Origin of the Name Boyd
The ancient history of the name
Boyd was found in the allfamilycrests.com archives. The name Boyd is usually of Scottish descent originating on the Island of Bute which in Gaelic is Bhoid, or Bod. William, tenth son of Boyd, was created Earl of Kilmarnock in 1661. Dean Castle in Kilmarnock was then forfeited to the crown after the Boyds had supported Prince Charles Edward at Culloden, but later recovered. The estate then went to the Earl of Glencairn in the year 1750, who in turn sold it to Henry Scott.

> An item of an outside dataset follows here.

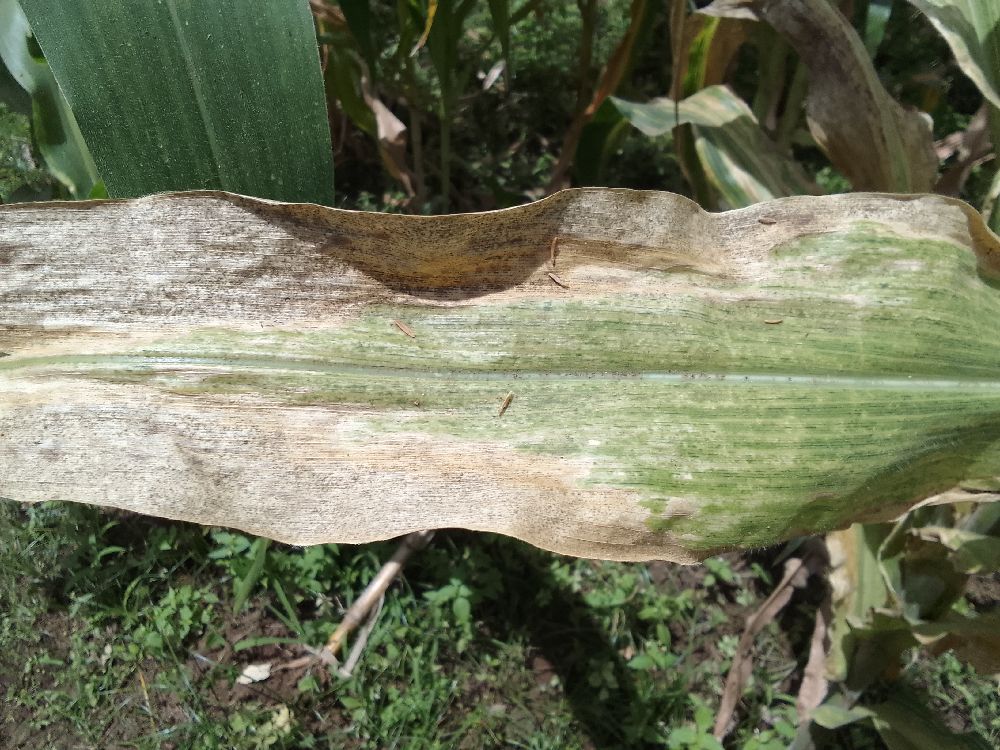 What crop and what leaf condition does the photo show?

maize, maize lethal necrosis

In Ireland this name and its variants were introduced into Ulster Province by settlers who arrived from England and Scotland, especially during the seventeenth century. It was the 'Plantations of Ireland' in the sixteenth and seventeenth centuries that marked the end of Gaelic supremacy in Ireland. While the influx of settlers in the wake of the earlier Anglo-Norman invasion of the twelfth century resulted in a full integration into Irish society of the new arrivals, the same never occurred with the Ulster Planters who maintained their own distinct identity.

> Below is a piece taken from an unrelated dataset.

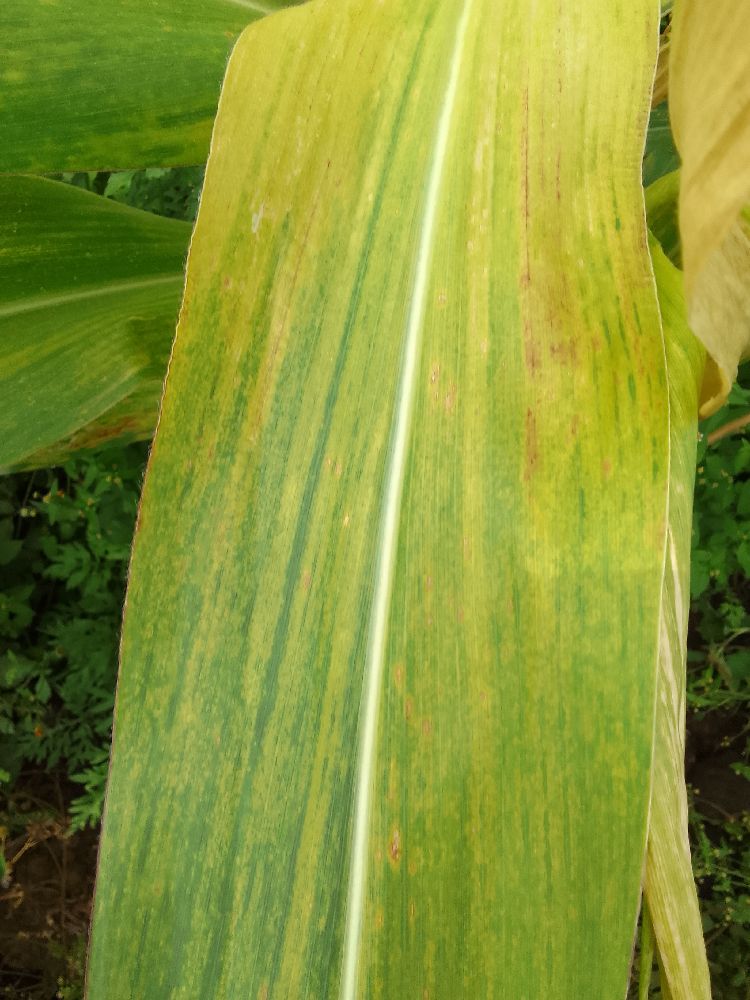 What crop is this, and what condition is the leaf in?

maize, maize lethal necrosis
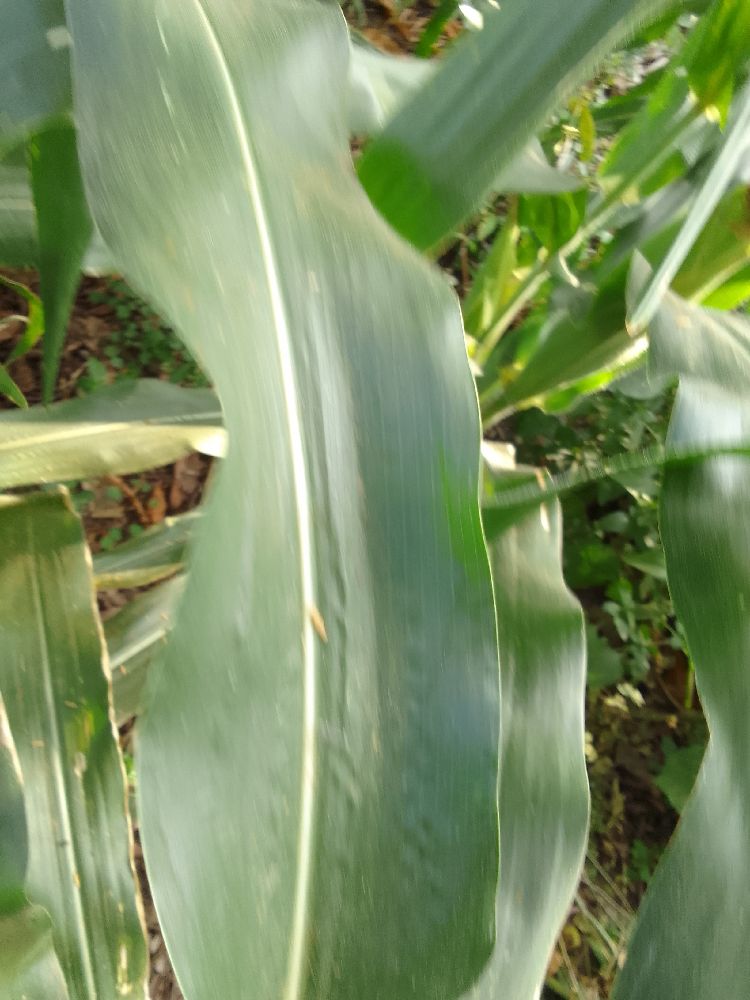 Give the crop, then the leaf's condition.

maize, healthy
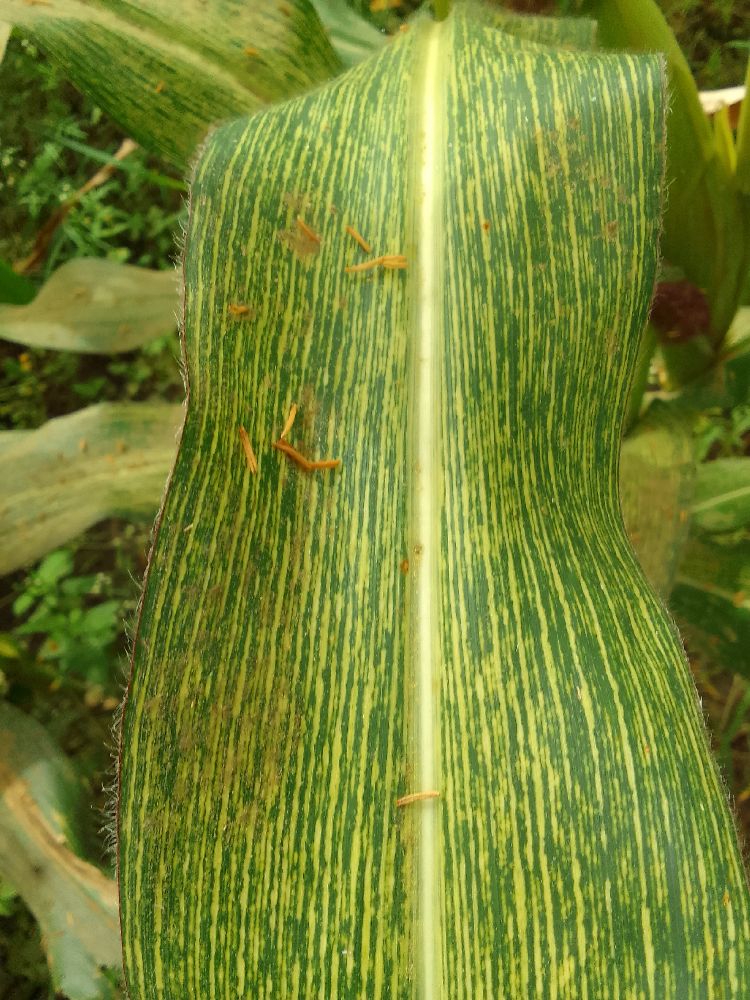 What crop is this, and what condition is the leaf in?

In Ireland Boyd is sometimes rendered as O'Boyd as well as MacElwee.
The Boyd coat of arms came into existence centuries ago. The process of creating coats of arms (also often called family crests) began in the eleventh century although a form of Proto-Heraldry may have existed in some countries prior to this. The new art of Heraldry made it possible for families and even individual family members to have their very own coat of arms, including all Boyd descendants.